WHAT YOU HAVE TO DO:
All entries are to be reproduced exactly; the pictures are to be omitted.

DATA FOR THIS EXERCISE:
[Start of Attachment]

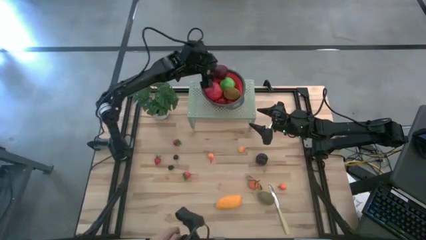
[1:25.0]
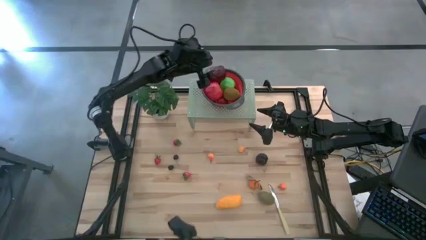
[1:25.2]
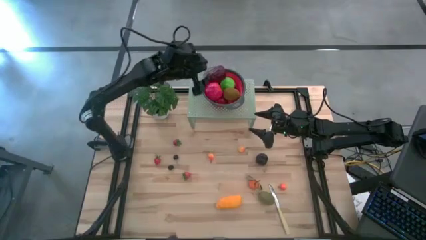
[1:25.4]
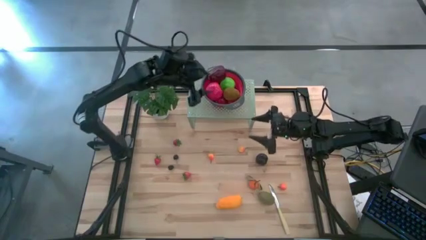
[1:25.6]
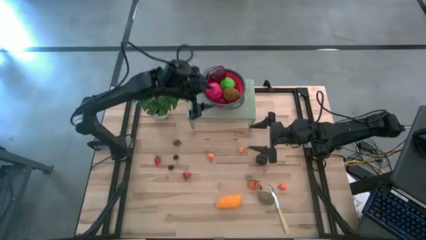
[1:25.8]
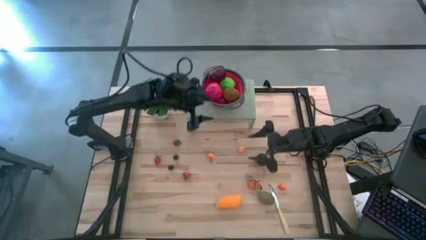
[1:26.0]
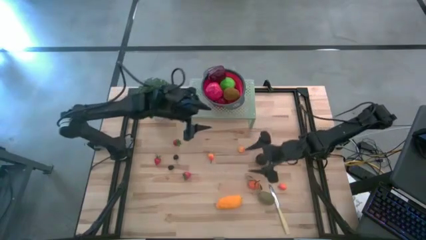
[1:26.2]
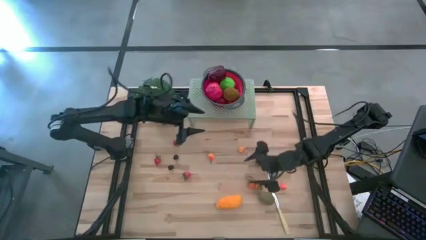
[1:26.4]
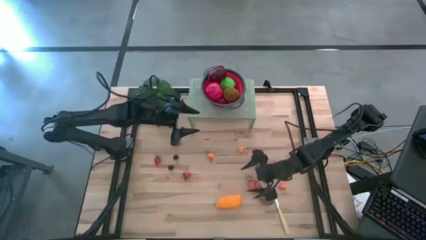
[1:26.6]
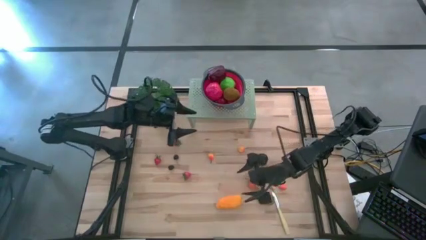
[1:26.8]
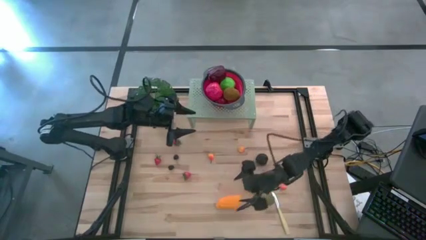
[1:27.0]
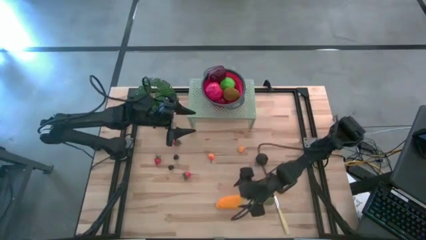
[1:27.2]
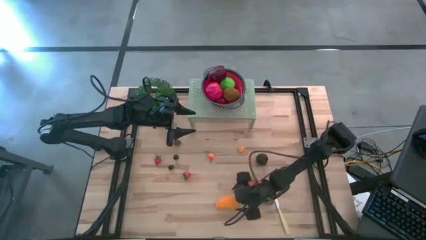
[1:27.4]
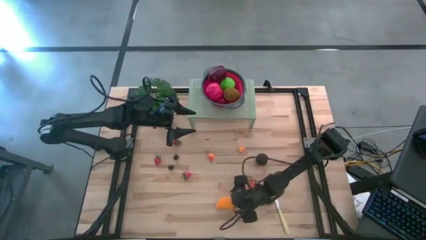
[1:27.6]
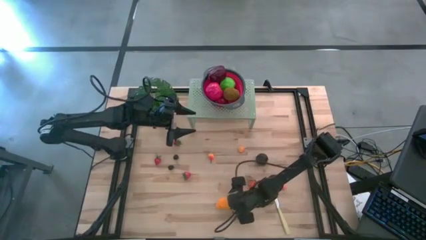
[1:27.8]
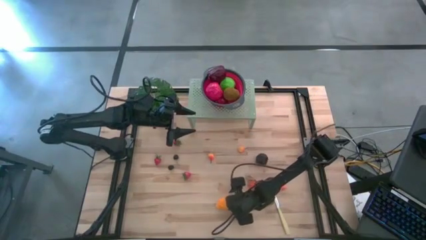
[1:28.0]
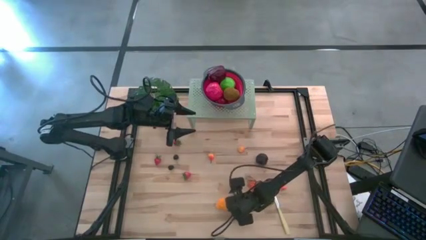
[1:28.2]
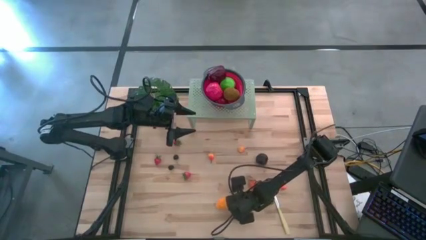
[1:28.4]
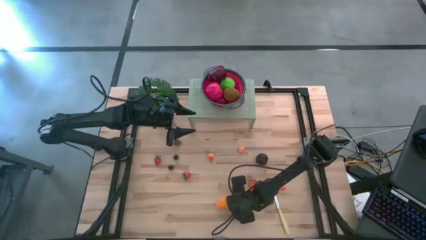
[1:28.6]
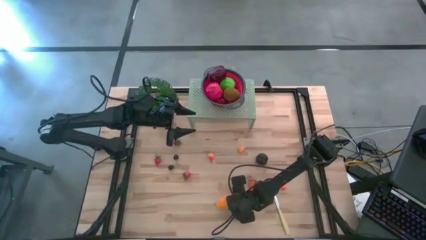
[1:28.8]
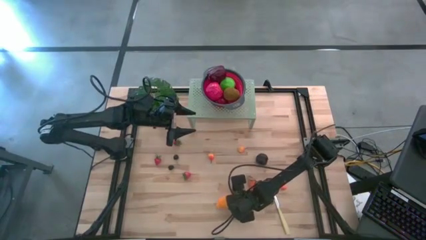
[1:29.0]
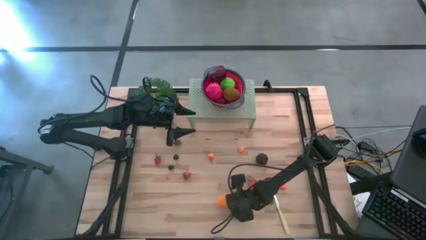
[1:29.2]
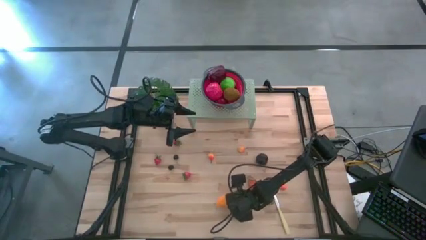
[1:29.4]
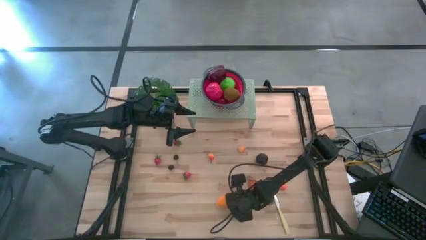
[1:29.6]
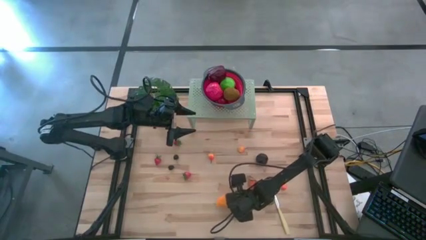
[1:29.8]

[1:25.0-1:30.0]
Task: Pick & Place Fruit
Put the mango into the red strainer bowl on the shelf

[End of Attachment]

RESPONSE BOX:
[1:25.0]
[1:25.2]
[1:25.4]
[1:25.6]
[1:25.8]
[1:26.0]
[1:26.2]
[1:26.4]
[1:26.6]
[1:26.8]
[1:27.0]
[1:27.2]
[1:27.4]
[1:27.6]
[1:27.8]
[1:28.0]
[1:28.2]
[1:28.4]
[1:28.6]
[1:28.8]
[1:29.0]
[1:29.2]
[1:29.4]
[1:29.6]
[1:29.8]

[1:25.0-1:30.0]
Task: Pick & Place Fruit
Put the mango into the red strainer bowl on the shelf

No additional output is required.